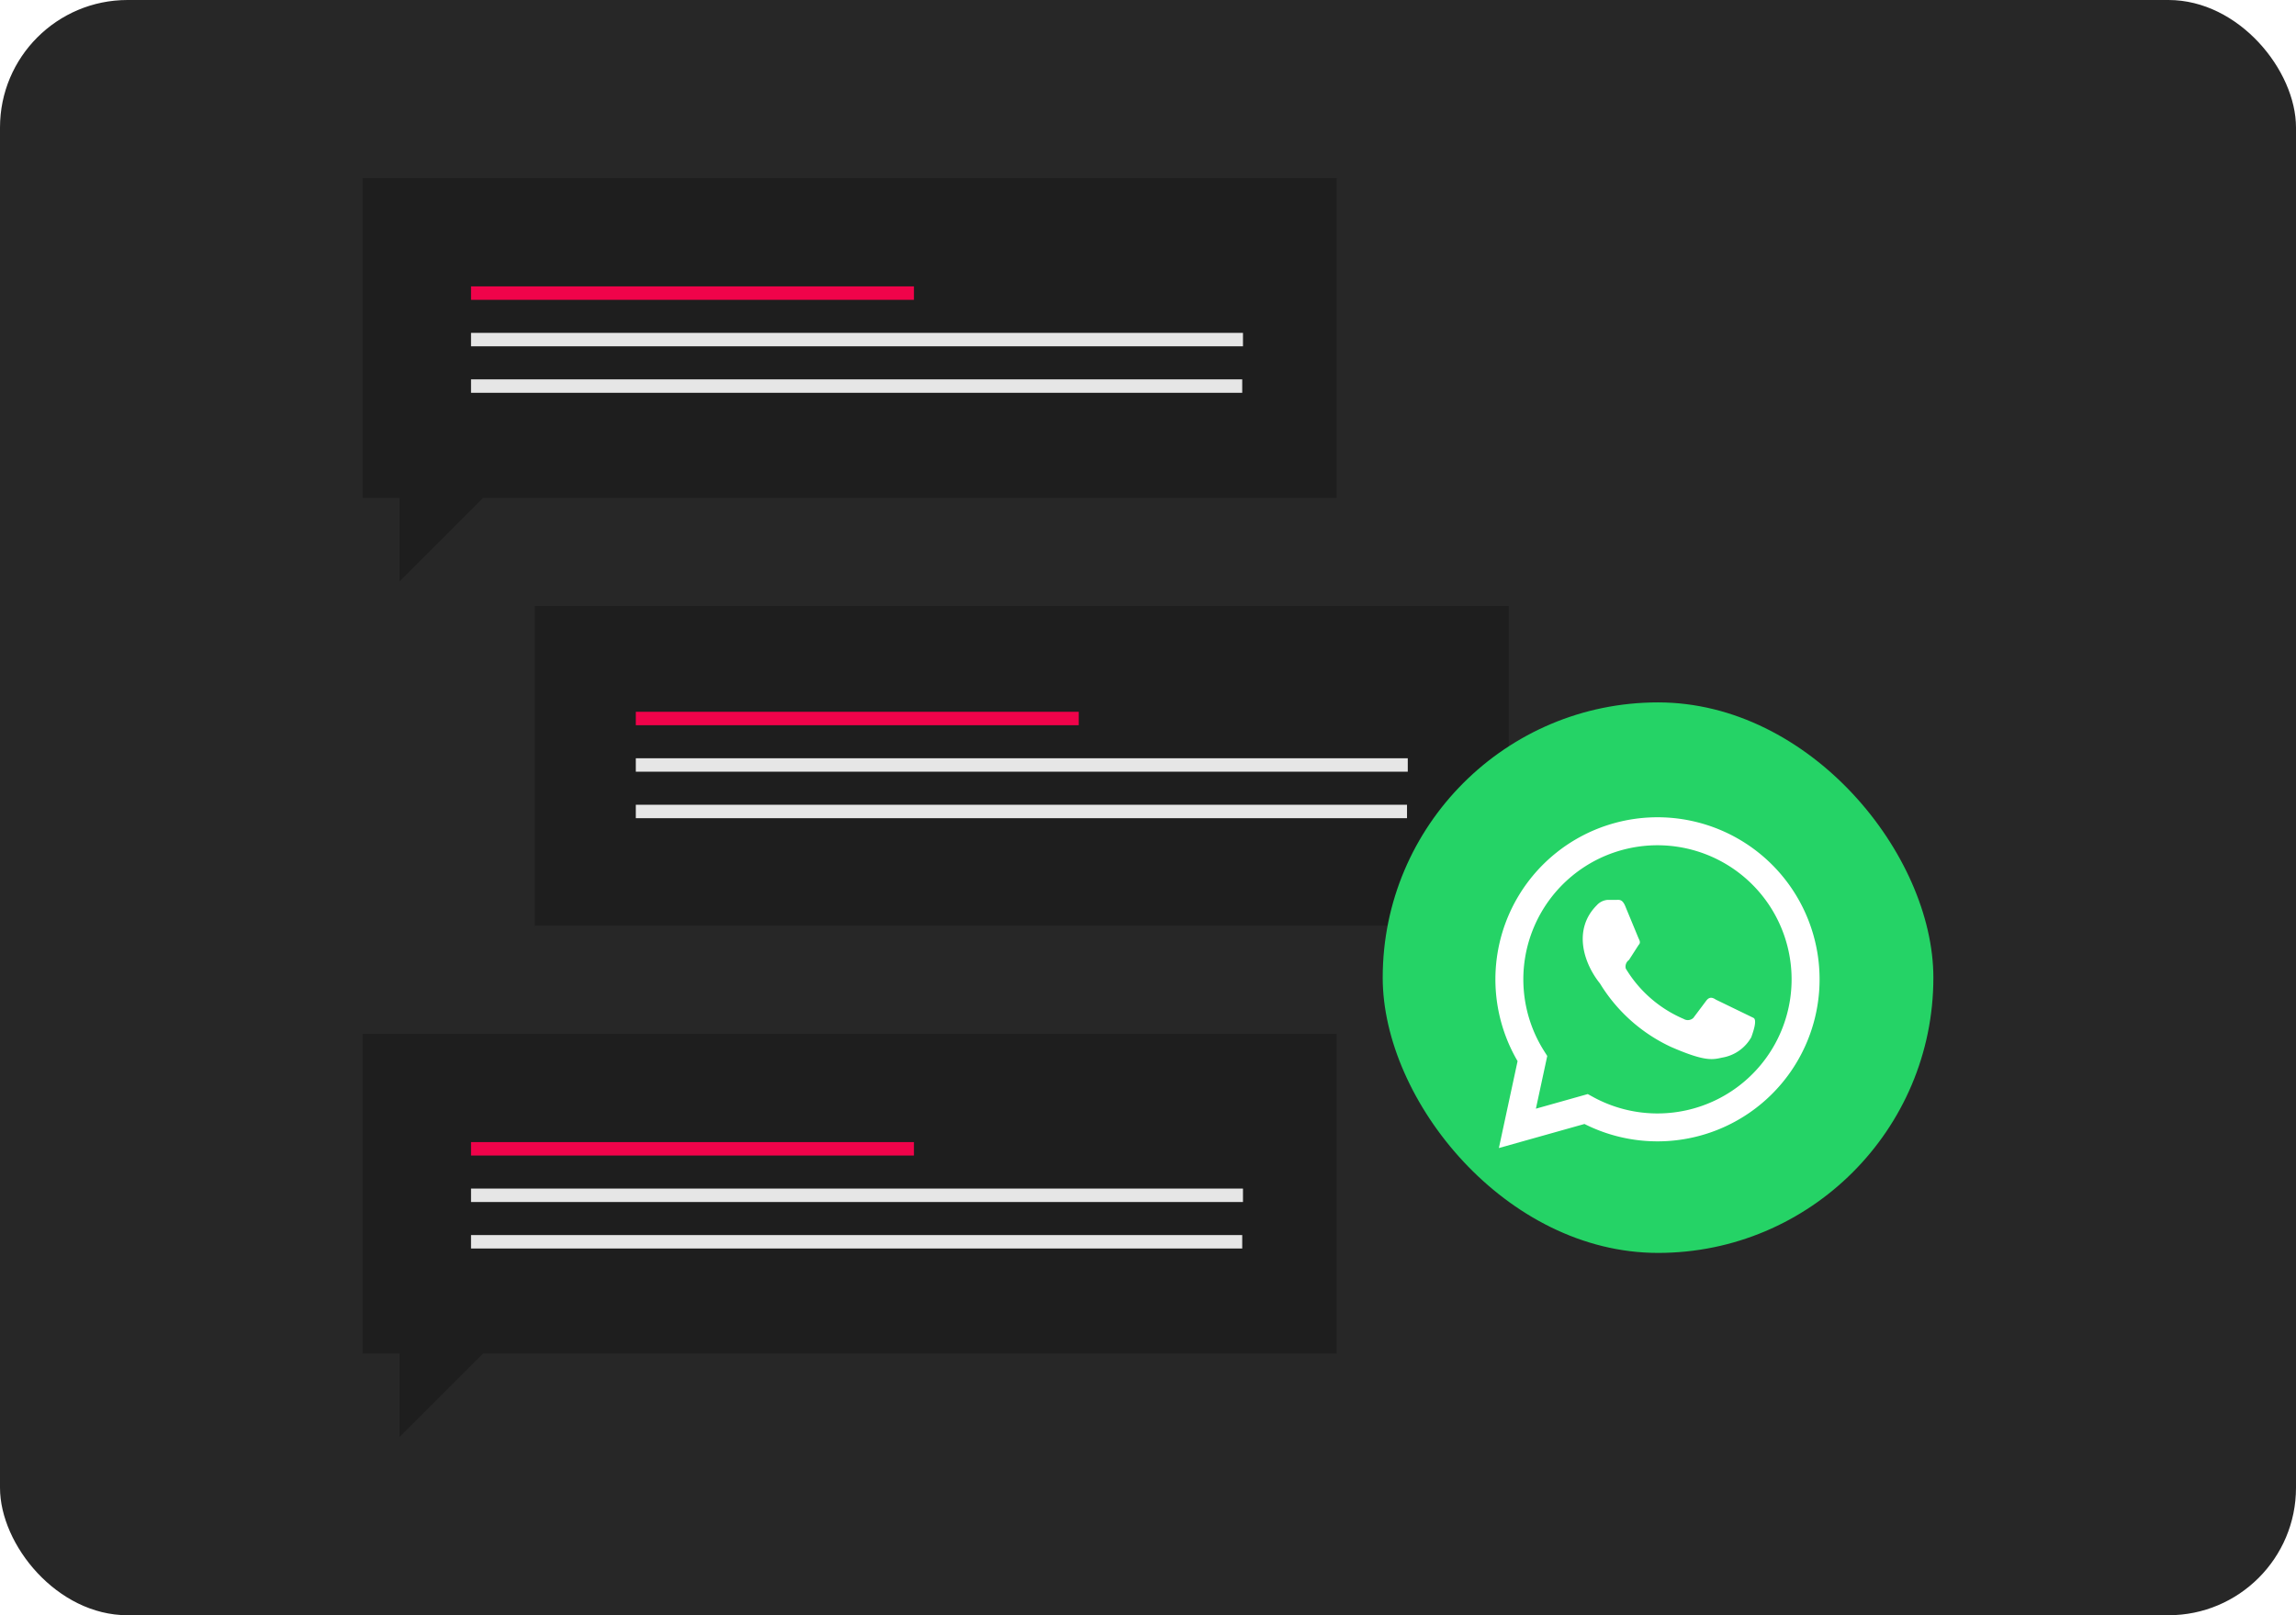 <svg xmlns="http://www.w3.org/2000/svg" xmlns:xlink="http://www.w3.org/1999/xlink" width="270" height="190" viewBox="0 0 270 190">
  <defs>
    <filter id="Rectangle_1296" x="140.102" y="60.123" width="109.756" height="109.756" filterUnits="userSpaceOnUse">
      <feOffset input="SourceAlpha"/>
      <feGaussianBlur stdDeviation="7.5" result="blur"/>
      <feFlood flood-color="#25d366"/>
      <feComposite operator="in" in2="blur"/>
      <feComposite in="SourceGraphic"/>
    </filter>
  </defs>
  <g id="Group_8784" data-name="Group 8784" transform="translate(-7435 -11051)">
    <rect id="Rectangle_1279" data-name="Rectangle 1279" width="270" height="190" rx="15" transform="translate(7435 11051)" fill="#272727"/>
    <g id="Group_8769" data-name="Group 8769" transform="translate(-2.505 -2.008)">
      <g id="undraw_mobile_messages_re_yx8w" transform="translate(7480.146 11073.962)">
        <path id="Path_2972" data-name="Path 2972" d="M68.348,169.893h114.54v37.6H178.55v9.834l-9.834-9.834H68.348Z" transform="translate(-48.101 -119.565)" fill="#1e1e1e"/>
        <rect id="Rectangle_1284" data-name="Rectangle 1284" width="108.177" height="30.081" transform="translate(23.429 53.99)" fill="#1e1e1e"/>
        <rect id="Rectangle_1285" data-name="Rectangle 1285" width="52.085" height="1.581" transform="translate(32.128 62.772)" fill="#f0034a"/>
        <rect id="Rectangle_1286" data-name="Rectangle 1286" width="90.779" height="1.581" transform="translate(32.128 68.24)" fill="#e6e6e6"/>
        <rect id="Rectangle_1287" data-name="Rectangle 1287" width="90.69" height="1.581" transform="translate(32.128 73.708)" fill="#e6e6e6"/>
        <path id="Path_2973" data-name="Path 2973" d="M114.54,339.785H0v37.6H4.339v9.834l9.834-9.834H114.54Z" transform="translate(0 -239.128)" fill="#1e1e1e"/>
        <rect id="Rectangle_1288" data-name="Rectangle 1288" width="108.177" height="30.081" transform="translate(3.182 104.318)" fill="#1e1e1e"/>
        <rect id="Rectangle_1289" data-name="Rectangle 1289" width="52.085" height="1.581" transform="translate(12.749 113.39)" fill="#f0034a"/>
        <rect id="Rectangle_1290" data-name="Rectangle 1290" width="90.779" height="1.581" transform="translate(12.749 118.858)" fill="#e6e6e6"/>
        <rect id="Rectangle_1291" data-name="Rectangle 1291" width="90.69" height="1.581" transform="translate(12.749 124.326)" fill="#e6e6e6"/>
        <path id="Path_2974" data-name="Path 2974" d="M114.54,0H0V37.6H4.339v9.834L14.173,37.6H114.54Z" fill="#1e1e1e"/>
        <rect id="Rectangle_1292" data-name="Rectangle 1292" width="108.177" height="30.081" transform="translate(3.182 3.662)" fill="#1e1e1e"/>
        <rect id="Rectangle_1293" data-name="Rectangle 1293" width="52.085" height="1.581" transform="translate(12.749 12.733)" fill="#f0034a"/>
        <rect id="Rectangle_1294" data-name="Rectangle 1294" width="90.779" height="1.581" transform="translate(12.749 18.201)" fill="#e6e6e6"/>
        <rect id="Rectangle_1295" data-name="Rectangle 1295" width="90.69" height="1.581" transform="translate(12.749 23.669)" fill="#e6e6e6"/>
      </g>
      <g id="whatsapp-svgrepo-com" transform="translate(7600.106 11135.631)">
        <g transform="matrix(1, 0, 0, 1, -162.6, -82.62)" filter="url(#Rectangle_1296)">
          <rect id="Rectangle_1296-2" data-name="Rectangle 1296" width="64.756" height="64.756" rx="32.378" transform="translate(162.6 82.62)" fill="#25d366"/>
        </g>
        <path id="Path_2975" data-name="Path 2975" d="M116.484,151.046l1.767-8.2a17.413,17.413,0,1,1,6.309,5.931Z" transform="translate(-100.647 -100.939)" fill="#25d366"/>
        <path id="Path_2975_-_Outline" data-name="Path 2975 - Outline" d="M103.02,142l2.2-10.224a19.061,19.061,0,1,1,7.865,7.393Zm10.455-6.349.589.324a15.773,15.773,0,1,0-5.715-5.372l.36.567-1.335,6.2Z" transform="translate(-89.36 -89.579)" fill="#fff"/>
        <path id="Path_2976" data-name="Path 2976" d="M199.565,191.7c-.379-.252-.757-.379-1.136.126l-1.514,2.019a.939.939,0,0,1-1.136.126,14.655,14.655,0,0,1-6.814-5.931.954.954,0,0,1,.379-1.009l1.136-1.767c.252-.252.126-.5,0-.757l-1.514-3.659c-.379-1.009-.757-.883-1.136-.883H186.82a1.918,1.918,0,0,0-1.262.631c-2.776,2.776-1.64,6.688.379,9.211a19.335,19.335,0,0,0,8.328,7.445c4.038,1.767,4.921,1.514,6.057,1.262a4.823,4.823,0,0,0,3.407-2.4c.126-.379.757-2.019.252-2.271" transform="translate(-160.383 -156.735)" fill="#fff"/>
      </g>
    </g>
  </g>
</svg>

═══

What you are asked to do: Pull every line containing "feComposite" out of the records.

Response to the task:
      <feComposite operator="in" in2="blur"/>
      <feComposite in="SourceGraphic"/>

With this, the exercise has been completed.